In vitro imaging. a Cells incubated with varying Gd (0–0.08 mM). b Corresponding T₁ relaxation times. c Small‑animal fluorescence images.

In Vivo MR and Fluorescence Imaging

In nude mice bearing nasopharyngeal carcinoma xenografts, tumour contrast improves markedly 5 min post‑injection and remains stable up to 6 h. The receptor‑blocked group shows only marginal enhancement, confirming integrin‑mediated uptake. Fluorescence imaging mirrors the MR findings, with peak tumour signal at 6 h and renal excretion evident at 6 h (Fig. 7).

In vivo imaging. a 3.0‑T MR scans pre‑injection, 30 min, 2 h, 6 h. b Fluorescence images at corresponding times.

Discussion

Integrin α_vβ₃ is highly expressed on tumour vasculature and many malignant cell types, making it a compelling target for non‑invasive imaging. Traditional Gd chelates lack tumour specificity and offer limited relaxivity. By encapsulating Gd within liposomes and decorating the surface with a cyclic RGD peptide and Cy5.5, we achieved a dual‑mode probe that combines the high spatial resolution of T₁ MR with the sensitivity of NIR fluorescence.

The probe’s r₁ of 10.5 mM^‑1 s^‑1 surpasses clinical agents, while the positive surface charge and ~60 nm size favor efficient tumour accumulation and retention. Cytotoxicity studies confirm excellent safety, with viability above 70 % even at supra‑clinical Gd doses. Importantly, the probe’s uptake correlates strongly with integrin expression levels, as shown by immunofluorescence, flow cytometry, and in vitro imaging.

In vivo data demonstrate specific tumour targeting, sustained contrast for up to 6 h, and renal clearance, indicating a favourable pharmacokinetic profile. These attributes position cRGD‑Gd‑Cy5.5 as a promising platform for real‑time, multimodal monitoring of tumour progression and metastasis.

Conclusions

The liposomal dual‑mode probe cRGD‑Gd‑Cy5.5 is a robust, safe, and highly responsive tool for targeting integrin α_vβ₃. Its superior relaxivity, specific tumour binding, and low cytotoxicity provide a solid foundation for future clinical translation in the non‑invasive, real‑time imaging of tumour metastasis.

Methods

Synthesis of cRGD‑Gd‑Cy5.5

Liposomes were prepared by dissolving lecithin, cholesterol, and DSPE‑PEG₂₀₀₀‑NH₂ in chloroform, followed by rotary evaporation to form a thin film.
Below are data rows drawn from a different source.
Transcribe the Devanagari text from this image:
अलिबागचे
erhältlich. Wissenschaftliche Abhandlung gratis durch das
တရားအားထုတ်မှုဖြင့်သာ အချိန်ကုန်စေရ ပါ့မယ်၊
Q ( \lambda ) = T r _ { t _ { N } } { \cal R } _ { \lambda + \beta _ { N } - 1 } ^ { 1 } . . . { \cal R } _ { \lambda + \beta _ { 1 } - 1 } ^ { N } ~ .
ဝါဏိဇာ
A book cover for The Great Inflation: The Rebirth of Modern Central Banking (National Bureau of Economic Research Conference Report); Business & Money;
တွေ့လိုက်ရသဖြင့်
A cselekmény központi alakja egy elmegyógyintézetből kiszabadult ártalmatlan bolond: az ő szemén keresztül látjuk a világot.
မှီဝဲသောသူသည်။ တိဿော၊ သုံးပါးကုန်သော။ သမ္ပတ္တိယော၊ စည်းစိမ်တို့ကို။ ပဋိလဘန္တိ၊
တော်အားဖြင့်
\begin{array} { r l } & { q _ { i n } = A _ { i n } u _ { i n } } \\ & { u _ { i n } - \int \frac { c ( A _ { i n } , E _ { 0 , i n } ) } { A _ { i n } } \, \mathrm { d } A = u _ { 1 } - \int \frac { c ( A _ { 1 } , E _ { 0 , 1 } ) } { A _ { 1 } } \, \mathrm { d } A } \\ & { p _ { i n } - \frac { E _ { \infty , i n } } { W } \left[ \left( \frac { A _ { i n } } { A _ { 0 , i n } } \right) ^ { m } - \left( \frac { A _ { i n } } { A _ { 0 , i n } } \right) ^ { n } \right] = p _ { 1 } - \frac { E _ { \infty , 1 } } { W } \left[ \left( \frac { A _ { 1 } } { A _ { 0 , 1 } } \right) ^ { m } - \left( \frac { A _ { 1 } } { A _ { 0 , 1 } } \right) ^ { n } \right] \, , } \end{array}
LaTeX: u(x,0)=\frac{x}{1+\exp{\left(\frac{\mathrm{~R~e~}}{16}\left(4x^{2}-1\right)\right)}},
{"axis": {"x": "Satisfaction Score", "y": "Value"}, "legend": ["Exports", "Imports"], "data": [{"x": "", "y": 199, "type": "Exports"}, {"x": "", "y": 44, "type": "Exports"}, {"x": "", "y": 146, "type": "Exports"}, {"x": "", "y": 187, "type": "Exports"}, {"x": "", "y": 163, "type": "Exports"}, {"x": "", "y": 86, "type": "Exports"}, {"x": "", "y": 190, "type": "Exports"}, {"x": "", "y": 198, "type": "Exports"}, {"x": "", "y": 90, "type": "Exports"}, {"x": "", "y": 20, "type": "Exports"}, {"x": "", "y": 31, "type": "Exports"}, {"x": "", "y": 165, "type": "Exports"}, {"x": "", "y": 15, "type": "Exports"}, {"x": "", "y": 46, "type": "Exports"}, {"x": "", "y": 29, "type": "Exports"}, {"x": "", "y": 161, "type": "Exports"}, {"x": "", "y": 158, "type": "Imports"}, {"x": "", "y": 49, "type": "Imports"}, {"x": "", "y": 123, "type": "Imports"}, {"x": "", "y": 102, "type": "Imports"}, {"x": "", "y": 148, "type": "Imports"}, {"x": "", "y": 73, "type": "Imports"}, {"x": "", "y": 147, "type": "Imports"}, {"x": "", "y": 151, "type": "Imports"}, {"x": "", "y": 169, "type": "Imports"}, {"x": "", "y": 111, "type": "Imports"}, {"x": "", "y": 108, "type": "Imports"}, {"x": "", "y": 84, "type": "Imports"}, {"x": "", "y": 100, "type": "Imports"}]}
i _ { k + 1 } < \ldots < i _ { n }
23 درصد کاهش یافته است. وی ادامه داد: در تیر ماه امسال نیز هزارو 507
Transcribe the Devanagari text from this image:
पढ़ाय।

The film was hydrated with a GdCl₃ solution (10 mg) in carbonate buffer (pH 8.5) at 50 °C, then sonicated and filtered (0.22 µm) before ultrafiltration (10 kDa) to remove free Gd. RGD peptide was activated with EDC/NHS and conjugated to Cy5.5, then coupled to the liposome surface at pH 8.4. The final formulation was stored at 4 °C.
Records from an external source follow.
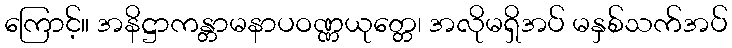
ကြောင့်။ အနိဋ္ဌာကန္တာမနာပဝဏ္ဏယုတ္တေ၊ အလိုမရှိအပ် မနှစ်သက်အပ်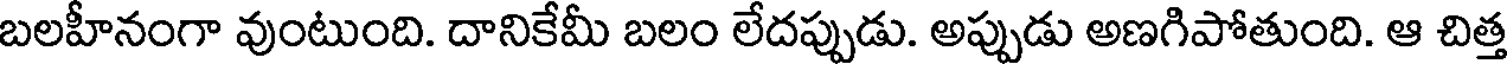
బలహీనంగా వుంటుంది. దానికేమీ బలం లేదప్పుడు. అప్పుడు అణగిపోతుంది. ఆ చిత్త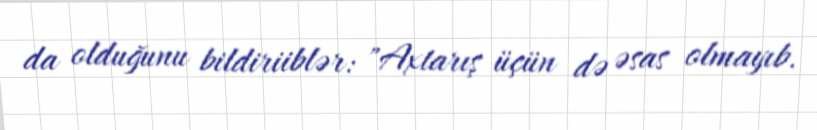
da olduğunu bildiriiblər: "Axtarış üçün də əsas olmayıb.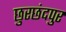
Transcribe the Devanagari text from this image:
छुरछंदपुर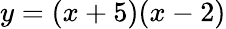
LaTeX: y=(x+5)(x-2)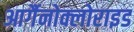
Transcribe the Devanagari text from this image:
आर्गैनोक्लोराइड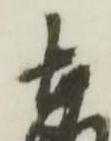
友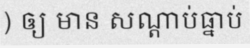
) ឲ្យ មាន សណ្តាប់ធ្នាប់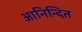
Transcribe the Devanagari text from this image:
आनिन्दित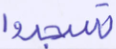
تسجدوا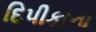
દિપીકાના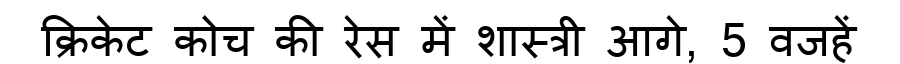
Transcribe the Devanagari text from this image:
क्रिकेट कोच की रेस में शास्त्री आगे, 5 वजहें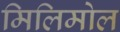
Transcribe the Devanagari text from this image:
मिलिमोल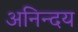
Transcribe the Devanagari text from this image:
अनिन्दय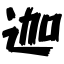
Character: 迦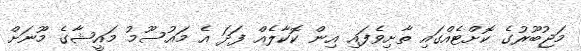
މަޖުބޫރުގެ ކޮށްޓެއްގައި ތާށިވެފައި އިން ކޮކާލެއް ފަދަ އެ މައުސޫމު މައީޝާގެ މޫނަށް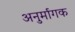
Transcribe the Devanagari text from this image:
अनुर्मागक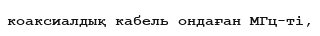
коаксиалдық кабель ондаған МГц-ті,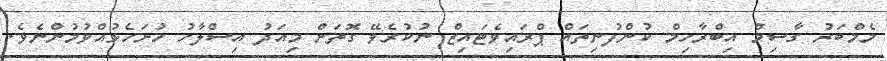
މެމްބަރު ގާސިމް އިބްރާހިމް ކުންފުނިތައް ޕްރައިވެޓައިޒް ނުކުރެވޭ ގޮތަށް މިއަދު އިސްލާހު ހުށަހެޅުއްވުމުންނެވެ.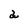
Character: a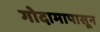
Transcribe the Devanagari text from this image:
गोदामापासून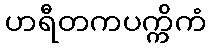
ဟရီတကပက္ကိကံ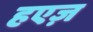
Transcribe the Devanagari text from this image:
हएज़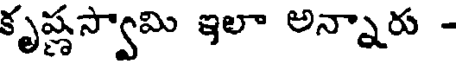
కృష్ణస్వామి ఇలా అన్నారు -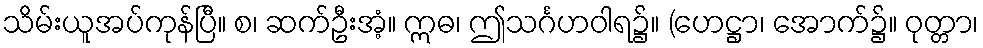
သိမ်းယူအပ်ကုန်ပြီ။ စ၊ ဆက်ဦးအံ့။ ဣဓ၊ ဤသင်္ဂဟဝါရ၌။ (ဟေဋ္ဌာ၊ အောက်၌။ ဝုတ္တာ၊

Characterization of Nanoparticles

Particle size and morphology were assessed by TEM and DLS. Optical properties were measured with a microplate reader (400–800 nm absorption, 600‑nm excitation). FT‑IR and UV‑Vis spectra confirmed surface functionalisation.

Measurement of the Relaxation Rate

Serial dilutions of the probe were scanned on a 3.0‑T MR scanner using a MOLLI sequence (TR = 5.8 ms, TE = 3.66 ms). T₁ values were extracted from 0.3 cm² ROIs and plotted against Gd concentration to calculate r₁.
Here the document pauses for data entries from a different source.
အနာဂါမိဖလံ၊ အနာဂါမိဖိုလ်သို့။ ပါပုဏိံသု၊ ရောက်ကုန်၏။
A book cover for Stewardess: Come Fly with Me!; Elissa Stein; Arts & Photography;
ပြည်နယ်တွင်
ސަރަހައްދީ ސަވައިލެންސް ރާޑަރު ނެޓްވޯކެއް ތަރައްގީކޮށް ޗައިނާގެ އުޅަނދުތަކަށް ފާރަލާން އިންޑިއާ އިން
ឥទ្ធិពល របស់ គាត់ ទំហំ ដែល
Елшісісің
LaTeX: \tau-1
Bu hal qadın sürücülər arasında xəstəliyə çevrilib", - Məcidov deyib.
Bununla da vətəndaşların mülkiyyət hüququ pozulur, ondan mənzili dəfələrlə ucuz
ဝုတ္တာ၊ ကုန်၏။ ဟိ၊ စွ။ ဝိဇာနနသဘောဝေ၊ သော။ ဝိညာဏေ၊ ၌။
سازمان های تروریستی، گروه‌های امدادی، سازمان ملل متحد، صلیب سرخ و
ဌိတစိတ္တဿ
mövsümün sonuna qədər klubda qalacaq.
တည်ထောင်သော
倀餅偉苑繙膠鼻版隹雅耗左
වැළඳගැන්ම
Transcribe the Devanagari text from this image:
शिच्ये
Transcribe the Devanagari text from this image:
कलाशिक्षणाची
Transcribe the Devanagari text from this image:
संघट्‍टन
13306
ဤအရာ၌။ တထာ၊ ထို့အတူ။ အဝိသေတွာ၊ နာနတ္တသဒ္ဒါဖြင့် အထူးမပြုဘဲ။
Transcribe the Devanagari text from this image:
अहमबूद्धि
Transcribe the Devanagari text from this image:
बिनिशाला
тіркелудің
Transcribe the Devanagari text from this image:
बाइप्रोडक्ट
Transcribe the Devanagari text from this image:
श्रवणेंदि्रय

Cell Culture and Cytotoxicity Assay

Human tumour and normal cell lines (A549, SUNE‑1‑5‑8F, HUVEC, MCF‑10A) were cultured in DMEM with 10 % FBS. CCK‑8 assays were performed at 50–400 µM Gd for 24 h to determine viability.

Immunofluorescence Staining and Flow Cytometry Assay of Integrin αvβ3

Cells were fixed, blocked, and incubated with anti‑αvβ3 antibody, followed by a fluorescent secondary antibody and DAPI staining. Confocal microscopy and flow cytometry (488 nm excitation) quantified surface expression.

Binding Assay of the Molecular Probe to Integrin αvβ3

Cells were incubated with the probe for 1 h, washed, and imaged by confocal microscopy to assess binding.

In Vitro MR Imaging and Fluorescence Imaging of Tumor Cells

A549 cells were incubated with varying Gd concentrations (0–0.08 mM) for 2 h, then washed, embedded in agarose, and imaged on a 3.0‑T MR scanner. Fluorescence imaging was performed on a small‑animal system.

In Vivo MR and Fluorescence Imaging

Balb/c nude mice bearing nasopharyngeal carcinoma xenografts received tail‑vein injections of 0.05 mmol Gd/kg cRGD‑Gd‑Cy5.5. MR and fluorescence imaging were performed pre‑injection, 30 min, 2 h, and 6 h post‑injection. A receptor‑blocked group received free RGD (10 mg) 1 h prior to probe injection.